TASK GOAL:
Wherever a picture appears, leave it out, and transcribe the rest of the records exactly.

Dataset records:

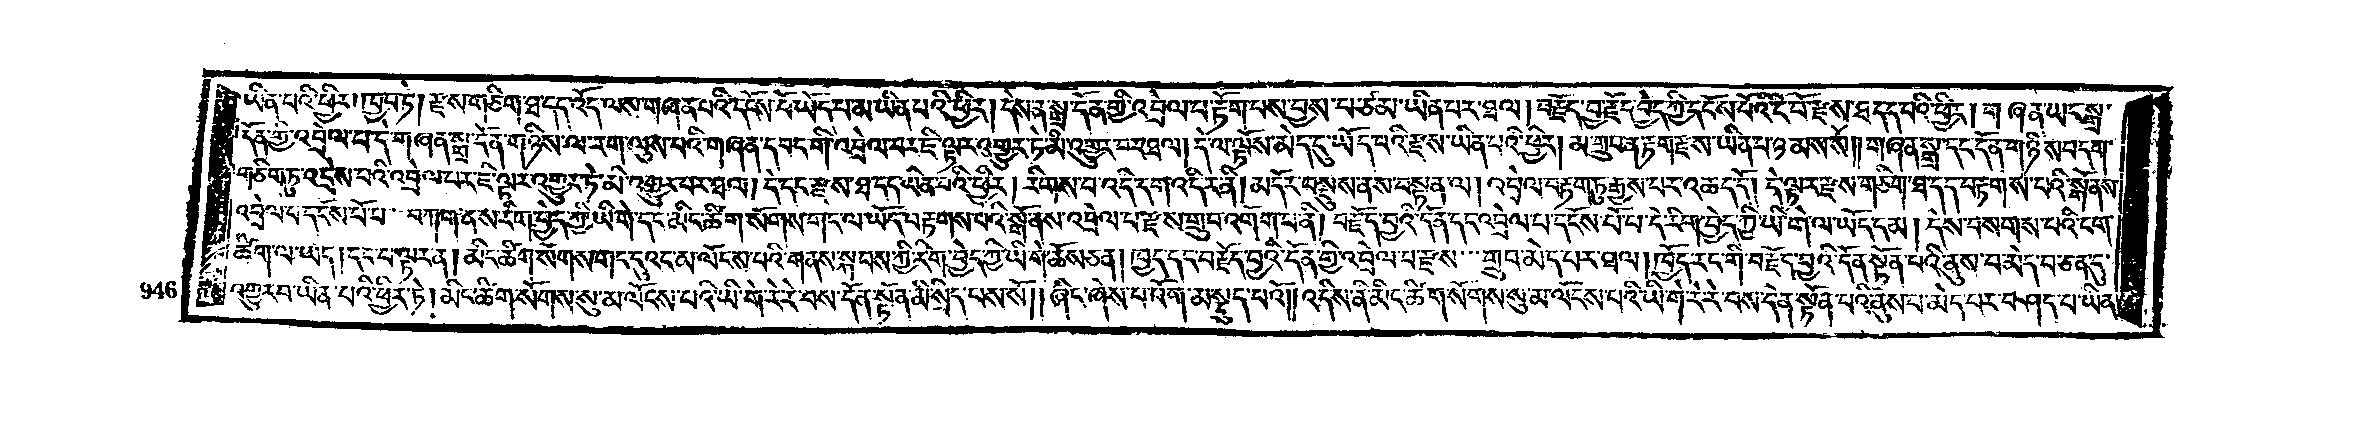ཡིན་པའི་ཕྱིར། ཁྱབ་ཏེ། རྫས་གཅིག་ཐ་དད་འོད་ལས་གཞན་པའི་དངོས་པོ་ཡོད་པ་མ་ཡིན་པའི་ཕྱིར། དེས་ན་སྒྲ་དོན་གྱི་འབྲེལ་བ་རྟོག་པས་བྱས་པ་ཙམ་ཡིན་པར་ཐལ། བརྗོད་བྱ་རྗོད་བྱེད་ཀྱི་དངོས་པོའི་ངོ་བོ་རྫས་ཐ་དད་པའི་ཕྱིར། གཞན་ཡང་སྒྲ་
དོན་གྱི་འབྲེལ་བ་དེ་གཞན་སྒྲ་དོན་གཉིས་ལ་རག་ལུས་པའི་གཞན་དབང་གི་འབྲེལ་བར་ཇི་ལྟར་འགྱུར་ཏེ་མི་འགྱུར་པར་ཐལ། དེ་ལ་ལྟོས་མེད་དུ་ཡོད་པའི་རྫས་ཡིན་པའི་ཕྱིར། མ་གྲུབ་ན་རྟག་རྫས་ཡིན་པ་ཉམས་སོ། །གཞན་སྒྲ་དང་དོན་གཉིས་བདག་
གཅིག་ཏུ་འདྲེས་པའི་འབྲེལ་པར་ཇི་ལྟར་འགྱུར་ཏེ་མི་འགྱུར་བར་ཐལ། དེ་དང་རྫས་ཐ་དད་ཡིན་པའི་ཕྱིར། རིགས་པ་འདི་དག་འདིར་ནི། མདོར་བསྡུས་ནས་བསྟན་ལ། འབྲེལ་བརྟག་ཏུ་རྒྱས་པར་འཆད་དོ། དེ་ལྟར་རྫས་གཅིག་ཐ་དད་བརྟགས་པའི་སྒོ་ནས་
འབྲེལ་བ་དངོས་པོ་པ་བཀག་ནས་རིག་བྱེད་ཀྱི་ཡི་གེ་དང་མིང་ཚིག་སོགས་གང་ལ་ཡོད་བརྟགས་པའི་སྒོ་ནས་འབྲེལ་བ་རྫས་གྲུབ་འགོག་པ་ནི། བརྗོད་བྱའི་དོན་དང་འབྲེལ་བ་དངོས་པོ་པ་དེ་རིག་བྱེད་ཀྱི་ཡི་གེ་ལ་ཡོད་དམ། དེས་བསགས་པའི་ངག་
ཚིག་ལ་ཡོད། དང་པོ་ལྟར་ན། མིང་ཚིག་སོགས་གང་དུའང་མ་ལོངས་པའི་གནས་སྐབས་ཀྱི་རིག་བྱེད་ཀྱི་ཡི་གེ་ཆོས་ཅན། ཁྱད་དང་བརྗོད་བྱའི་དོན་གྱི་འབྲེལ་བ་རྫས་གྲུབ་མེད་པར་ཐལ། ཁྱོད་རང་གི་བརྗོད་བྱའི་དོན་སྟོན་པའི་ནུས་པ་མེད་པ་ཅན་དུ་
འགྱུར་བ་ཡིན་པའི་ཕྱིར་ཏེ། མིང་ཚིག་སོགས་སུ་མ་ལོངས་པའི་ཡི་གེ་རེ་རེ་བས་དོན་སྟོན་མི་སྲིད་པས་སོ། །ཞིང་ཞེས་པ་འོག་མ་སྡུད་པའོ། །འདིས་ནི་མིང་ཚིག་སོགས་སུ་མ་ལོངས་པའི་ཡི་གེ་རེ་རེ་བས་དོན་སྟོན་པའི་ནུས་པ་མེད་པར་བཤད་པ་ཡིན་

YOUR SOLUTION:
ཡིན་པའི་ཕྱིར། ཁྱབ་ཏེ། རྫས་གཅིག་ཐ་དད་འོད་ལས་གཞན་པའི་དངོས་པོ་ཡོད་པ་མ་ཡིན་པའི་ཕྱིར། དེས་ན་སྒྲ་དོན་གྱི་འབྲེལ་བ་རྟོག་པས་བྱས་པ་ཙམ་ཡིན་པར་ཐལ། བརྗོད་བྱ་རྗོད་བྱེད་ཀྱི་དངོས་པོའི་ངོ་བོ་རྫས་ཐ་དད་པའི་ཕྱིར། གཞན་ཡང་སྒྲ་
དོན་གྱི་འབྲེལ་བ་དེ་གཞན་སྒྲ་དོན་གཉིས་ལ་རག་ལུས་པའི་གཞན་དབང་གི་འབྲེལ་བར་ཇི་ལྟར་འགྱུར་ཏེ་མི་འགྱུར་པར་ཐལ། དེ་ལ་ལྟོས་མེད་དུ་ཡོད་པའི་རྫས་ཡིན་པའི་ཕྱིར། མ་གྲུབ་ན་རྟག་རྫས་ཡིན་པ་ཉམས་སོ། །གཞན་སྒྲ་དང་དོན་གཉིས་བདག་
གཅིག་ཏུ་འདྲེས་པའི་འབྲེལ་པར་ཇི་ལྟར་འགྱུར་ཏེ་མི་འགྱུར་བར་ཐལ། དེ་དང་རྫས་ཐ་དད་ཡིན་པའི་ཕྱིར། རིགས་པ་འདི་དག་འདིར་ནི། མདོར་བསྡུས་ནས་བསྟན་ལ། འབྲེལ་བརྟག་ཏུ་རྒྱས་པར་འཆད་དོ། དེ་ལྟར་རྫས་གཅིག་ཐ་དད་བརྟགས་པའི་སྒོ་ནས་
འབྲེལ་བ་དངོས་པོ་པ་བཀག་ནས་རིག་བྱེད་ཀྱི་ཡི་གེ་དང་མིང་ཚིག་སོགས་གང་ལ་ཡོད་བརྟགས་པའི་སྒོ་ནས་འབྲེལ་བ་རྫས་གྲུབ་འགོག་པ་ནི། བརྗོད་བྱའི་དོན་དང་འབྲེལ་བ་དངོས་པོ་པ་དེ་རིག་བྱེད་ཀྱི་ཡི་གེ་ལ་ཡོད་དམ། དེས་བསགས་པའི་ངག་
ཚིག་ལ་ཡོད། དང་པོ་ལྟར་ན། མིང་ཚིག་སོགས་གང་དུའང་མ་ལོངས་པའི་གནས་སྐབས་ཀྱི་རིག་བྱེད་ཀྱི་ཡི་གེ་ཆོས་ཅན། ཁྱད་དང་བརྗོད་བྱའི་དོན་གྱི་འབྲེལ་བ་རྫས་གྲུབ་མེད་པར་ཐལ། ཁྱོད་རང་གི་བརྗོད་བྱའི་དོན་སྟོན་པའི་ནུས་པ་མེད་པ་ཅན་དུ་
འགྱུར་བ་ཡིན་པའི་ཕྱིར་ཏེ། མིང་ཚིག་སོགས་སུ་མ་ལོངས་པའི་ཡི་གེ་རེ་རེ་བས་དོན་སྟོན་མི་སྲིད་པས་སོ། །ཞིང་ཞེས་པ་འོག་མ་སྡུད་པའོ། །འདིས་ནི་མིང་ཚིག་སོགས་སུ་མ་ལོངས་པའི་ཡི་གེ་རེ་རེ་བས་དོན་སྟོན་པའི་ནུས་པ་མེད་པར་བཤད་པ་ཡིན་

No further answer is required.